_TASK REQUIREMENTS_. From the records, pick out and copy each line containing "second".
↓↓↓
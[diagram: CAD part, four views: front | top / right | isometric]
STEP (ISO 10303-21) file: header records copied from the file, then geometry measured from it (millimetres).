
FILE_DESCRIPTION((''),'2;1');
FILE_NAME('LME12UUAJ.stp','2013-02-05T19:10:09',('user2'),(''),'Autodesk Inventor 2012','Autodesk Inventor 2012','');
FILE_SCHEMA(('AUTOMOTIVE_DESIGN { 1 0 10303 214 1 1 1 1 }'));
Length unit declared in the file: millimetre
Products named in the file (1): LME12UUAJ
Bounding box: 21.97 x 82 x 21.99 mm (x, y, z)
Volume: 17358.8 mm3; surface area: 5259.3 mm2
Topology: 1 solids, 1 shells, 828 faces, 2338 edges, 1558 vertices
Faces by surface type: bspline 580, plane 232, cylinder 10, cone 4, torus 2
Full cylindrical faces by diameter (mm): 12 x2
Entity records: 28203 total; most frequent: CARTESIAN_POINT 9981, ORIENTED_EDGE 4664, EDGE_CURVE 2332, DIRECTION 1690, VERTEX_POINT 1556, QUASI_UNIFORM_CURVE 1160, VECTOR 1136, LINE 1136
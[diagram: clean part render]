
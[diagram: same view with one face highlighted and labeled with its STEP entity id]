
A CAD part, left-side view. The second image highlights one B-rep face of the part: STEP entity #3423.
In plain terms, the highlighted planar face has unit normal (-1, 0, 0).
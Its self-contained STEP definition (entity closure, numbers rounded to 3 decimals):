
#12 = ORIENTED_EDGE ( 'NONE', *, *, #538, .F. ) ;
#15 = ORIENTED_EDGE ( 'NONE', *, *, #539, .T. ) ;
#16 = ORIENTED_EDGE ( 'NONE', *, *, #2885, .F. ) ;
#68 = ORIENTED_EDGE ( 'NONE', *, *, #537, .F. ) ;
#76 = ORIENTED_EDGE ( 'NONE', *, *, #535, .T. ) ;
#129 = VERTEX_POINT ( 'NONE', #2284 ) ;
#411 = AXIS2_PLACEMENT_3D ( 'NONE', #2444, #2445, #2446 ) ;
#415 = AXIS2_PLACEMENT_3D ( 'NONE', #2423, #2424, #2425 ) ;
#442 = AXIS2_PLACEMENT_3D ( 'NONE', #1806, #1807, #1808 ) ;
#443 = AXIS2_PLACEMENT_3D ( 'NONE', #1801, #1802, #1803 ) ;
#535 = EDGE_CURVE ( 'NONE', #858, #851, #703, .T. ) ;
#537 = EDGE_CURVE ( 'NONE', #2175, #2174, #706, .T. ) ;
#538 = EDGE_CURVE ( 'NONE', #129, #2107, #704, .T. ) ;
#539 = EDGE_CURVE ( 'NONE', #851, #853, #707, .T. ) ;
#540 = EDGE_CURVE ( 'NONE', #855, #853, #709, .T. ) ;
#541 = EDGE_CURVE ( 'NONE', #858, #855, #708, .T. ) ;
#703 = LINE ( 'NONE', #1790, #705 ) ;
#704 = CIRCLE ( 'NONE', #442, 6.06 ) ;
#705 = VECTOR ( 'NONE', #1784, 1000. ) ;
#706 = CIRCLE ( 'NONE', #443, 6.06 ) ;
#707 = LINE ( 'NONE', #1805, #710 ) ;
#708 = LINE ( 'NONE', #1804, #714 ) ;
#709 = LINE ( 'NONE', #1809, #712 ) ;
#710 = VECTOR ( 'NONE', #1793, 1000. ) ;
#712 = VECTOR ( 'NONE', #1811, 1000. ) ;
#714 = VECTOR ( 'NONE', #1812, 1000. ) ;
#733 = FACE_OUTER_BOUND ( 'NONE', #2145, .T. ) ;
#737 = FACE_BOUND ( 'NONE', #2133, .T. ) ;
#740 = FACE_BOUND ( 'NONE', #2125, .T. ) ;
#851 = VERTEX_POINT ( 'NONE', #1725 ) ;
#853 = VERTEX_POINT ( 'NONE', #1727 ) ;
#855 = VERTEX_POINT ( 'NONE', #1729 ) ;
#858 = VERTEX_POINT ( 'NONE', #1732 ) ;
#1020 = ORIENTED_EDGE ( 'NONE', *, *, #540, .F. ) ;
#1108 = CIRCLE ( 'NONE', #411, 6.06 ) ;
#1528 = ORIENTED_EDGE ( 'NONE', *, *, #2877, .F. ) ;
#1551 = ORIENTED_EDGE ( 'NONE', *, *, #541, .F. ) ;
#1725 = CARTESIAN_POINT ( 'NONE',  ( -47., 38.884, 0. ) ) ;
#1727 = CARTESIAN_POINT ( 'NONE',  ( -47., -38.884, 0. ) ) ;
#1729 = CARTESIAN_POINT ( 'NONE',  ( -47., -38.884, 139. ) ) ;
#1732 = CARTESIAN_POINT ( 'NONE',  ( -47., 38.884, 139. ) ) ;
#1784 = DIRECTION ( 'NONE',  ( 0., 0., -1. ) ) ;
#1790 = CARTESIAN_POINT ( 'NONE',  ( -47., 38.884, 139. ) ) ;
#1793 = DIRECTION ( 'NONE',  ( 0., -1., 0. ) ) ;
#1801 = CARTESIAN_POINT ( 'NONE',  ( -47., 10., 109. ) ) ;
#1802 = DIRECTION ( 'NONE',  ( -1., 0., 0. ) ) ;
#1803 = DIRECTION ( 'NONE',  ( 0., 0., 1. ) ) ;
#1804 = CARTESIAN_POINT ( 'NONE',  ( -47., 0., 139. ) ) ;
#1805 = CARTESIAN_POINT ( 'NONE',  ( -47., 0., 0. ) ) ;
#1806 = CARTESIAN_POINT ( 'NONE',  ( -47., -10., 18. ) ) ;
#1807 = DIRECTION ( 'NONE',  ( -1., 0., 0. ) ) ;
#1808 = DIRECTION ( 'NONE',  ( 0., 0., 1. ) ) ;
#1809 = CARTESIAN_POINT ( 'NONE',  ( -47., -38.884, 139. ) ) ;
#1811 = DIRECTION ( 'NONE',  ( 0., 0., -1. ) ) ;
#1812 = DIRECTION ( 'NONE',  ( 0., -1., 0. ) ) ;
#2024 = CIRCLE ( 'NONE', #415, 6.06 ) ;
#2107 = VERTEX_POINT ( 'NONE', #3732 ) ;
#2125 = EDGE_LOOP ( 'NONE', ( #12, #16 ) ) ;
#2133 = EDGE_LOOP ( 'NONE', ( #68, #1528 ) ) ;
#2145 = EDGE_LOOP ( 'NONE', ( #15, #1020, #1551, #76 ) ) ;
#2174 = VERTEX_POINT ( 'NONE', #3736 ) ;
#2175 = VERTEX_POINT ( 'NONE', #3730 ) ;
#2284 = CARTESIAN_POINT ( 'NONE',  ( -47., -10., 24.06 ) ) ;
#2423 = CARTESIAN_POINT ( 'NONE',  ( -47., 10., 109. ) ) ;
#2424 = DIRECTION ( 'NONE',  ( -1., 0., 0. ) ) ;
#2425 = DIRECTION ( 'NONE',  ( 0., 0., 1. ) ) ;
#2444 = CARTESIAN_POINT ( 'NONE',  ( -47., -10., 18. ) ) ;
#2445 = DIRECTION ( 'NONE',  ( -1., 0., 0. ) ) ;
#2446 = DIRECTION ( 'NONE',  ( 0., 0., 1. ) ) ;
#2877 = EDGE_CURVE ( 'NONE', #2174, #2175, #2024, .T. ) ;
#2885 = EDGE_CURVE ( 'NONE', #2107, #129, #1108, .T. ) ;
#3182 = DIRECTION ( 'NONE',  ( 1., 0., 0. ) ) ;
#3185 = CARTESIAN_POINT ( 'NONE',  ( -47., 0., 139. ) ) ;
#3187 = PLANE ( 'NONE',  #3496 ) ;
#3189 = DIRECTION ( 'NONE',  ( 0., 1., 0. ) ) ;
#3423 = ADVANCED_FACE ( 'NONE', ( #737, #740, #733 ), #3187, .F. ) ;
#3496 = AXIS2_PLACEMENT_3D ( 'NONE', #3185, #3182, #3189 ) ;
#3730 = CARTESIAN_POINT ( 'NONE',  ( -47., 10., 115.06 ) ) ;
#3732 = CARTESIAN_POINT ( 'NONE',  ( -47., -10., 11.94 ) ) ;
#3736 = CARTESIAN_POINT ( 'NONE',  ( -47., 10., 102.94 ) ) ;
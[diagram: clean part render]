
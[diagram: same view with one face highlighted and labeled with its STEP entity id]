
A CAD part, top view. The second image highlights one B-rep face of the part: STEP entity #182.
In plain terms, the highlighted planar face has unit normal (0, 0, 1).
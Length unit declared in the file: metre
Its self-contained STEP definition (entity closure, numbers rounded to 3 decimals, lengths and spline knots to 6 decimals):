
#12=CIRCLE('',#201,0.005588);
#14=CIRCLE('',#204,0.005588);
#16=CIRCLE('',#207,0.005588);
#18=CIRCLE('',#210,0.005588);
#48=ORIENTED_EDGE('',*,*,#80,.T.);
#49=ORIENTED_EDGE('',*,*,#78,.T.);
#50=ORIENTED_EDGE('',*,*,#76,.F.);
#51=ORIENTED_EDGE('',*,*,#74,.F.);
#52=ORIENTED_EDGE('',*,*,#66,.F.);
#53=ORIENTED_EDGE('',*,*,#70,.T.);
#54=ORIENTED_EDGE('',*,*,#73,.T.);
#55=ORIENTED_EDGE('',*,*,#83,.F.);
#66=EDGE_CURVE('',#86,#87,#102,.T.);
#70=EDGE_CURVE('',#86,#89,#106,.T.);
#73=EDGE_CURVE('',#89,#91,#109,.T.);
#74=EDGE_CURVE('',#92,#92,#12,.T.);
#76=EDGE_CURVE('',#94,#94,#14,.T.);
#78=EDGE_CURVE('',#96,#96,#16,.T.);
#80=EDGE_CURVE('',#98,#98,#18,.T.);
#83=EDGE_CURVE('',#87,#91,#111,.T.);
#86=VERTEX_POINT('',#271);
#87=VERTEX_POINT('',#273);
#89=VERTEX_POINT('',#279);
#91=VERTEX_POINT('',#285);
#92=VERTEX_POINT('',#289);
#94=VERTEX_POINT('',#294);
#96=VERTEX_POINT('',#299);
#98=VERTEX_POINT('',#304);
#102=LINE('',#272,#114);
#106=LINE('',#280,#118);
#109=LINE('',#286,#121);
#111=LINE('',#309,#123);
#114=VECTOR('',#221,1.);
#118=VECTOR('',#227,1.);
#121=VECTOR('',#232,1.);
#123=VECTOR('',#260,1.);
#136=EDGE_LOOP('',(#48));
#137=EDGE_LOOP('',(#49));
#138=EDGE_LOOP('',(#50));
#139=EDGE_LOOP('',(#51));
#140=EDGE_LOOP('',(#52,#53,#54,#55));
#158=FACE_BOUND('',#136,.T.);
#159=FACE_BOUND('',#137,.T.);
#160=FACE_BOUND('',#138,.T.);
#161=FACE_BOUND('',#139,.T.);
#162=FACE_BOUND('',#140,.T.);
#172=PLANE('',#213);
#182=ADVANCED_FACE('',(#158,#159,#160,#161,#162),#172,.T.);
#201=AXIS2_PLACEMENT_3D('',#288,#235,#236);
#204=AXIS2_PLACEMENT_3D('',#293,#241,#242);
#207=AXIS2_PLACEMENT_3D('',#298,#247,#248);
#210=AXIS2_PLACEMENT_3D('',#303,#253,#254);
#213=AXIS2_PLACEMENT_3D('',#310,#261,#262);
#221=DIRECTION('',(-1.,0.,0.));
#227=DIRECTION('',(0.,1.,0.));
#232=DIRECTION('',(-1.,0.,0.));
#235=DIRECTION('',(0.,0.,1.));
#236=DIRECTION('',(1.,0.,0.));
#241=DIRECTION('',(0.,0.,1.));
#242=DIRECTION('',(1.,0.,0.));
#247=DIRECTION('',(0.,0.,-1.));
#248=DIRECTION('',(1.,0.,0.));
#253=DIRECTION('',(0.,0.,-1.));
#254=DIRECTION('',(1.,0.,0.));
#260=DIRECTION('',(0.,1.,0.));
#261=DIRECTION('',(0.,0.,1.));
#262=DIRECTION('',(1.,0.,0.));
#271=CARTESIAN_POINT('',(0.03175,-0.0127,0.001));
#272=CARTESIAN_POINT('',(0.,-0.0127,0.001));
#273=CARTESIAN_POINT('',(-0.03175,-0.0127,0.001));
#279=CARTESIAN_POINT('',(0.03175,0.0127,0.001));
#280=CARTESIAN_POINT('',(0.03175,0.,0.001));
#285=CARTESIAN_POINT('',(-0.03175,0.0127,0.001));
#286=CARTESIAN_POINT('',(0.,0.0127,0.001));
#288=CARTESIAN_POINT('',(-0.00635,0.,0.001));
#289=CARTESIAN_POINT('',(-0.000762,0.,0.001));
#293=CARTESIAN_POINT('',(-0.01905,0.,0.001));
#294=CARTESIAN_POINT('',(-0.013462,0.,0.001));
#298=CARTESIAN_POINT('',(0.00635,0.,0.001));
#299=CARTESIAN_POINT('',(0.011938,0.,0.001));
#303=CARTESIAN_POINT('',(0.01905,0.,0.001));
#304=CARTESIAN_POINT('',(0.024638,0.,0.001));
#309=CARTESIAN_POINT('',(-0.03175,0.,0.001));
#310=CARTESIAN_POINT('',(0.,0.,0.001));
↑↑↑
_EXERCISE ANSWER_.
A CAD part, left-side view. The second image highlights one B-rep face of the part: STEP entity #3423.
A CAD part, top view. The second image highlights one B-rep face of the part: STEP entity #182.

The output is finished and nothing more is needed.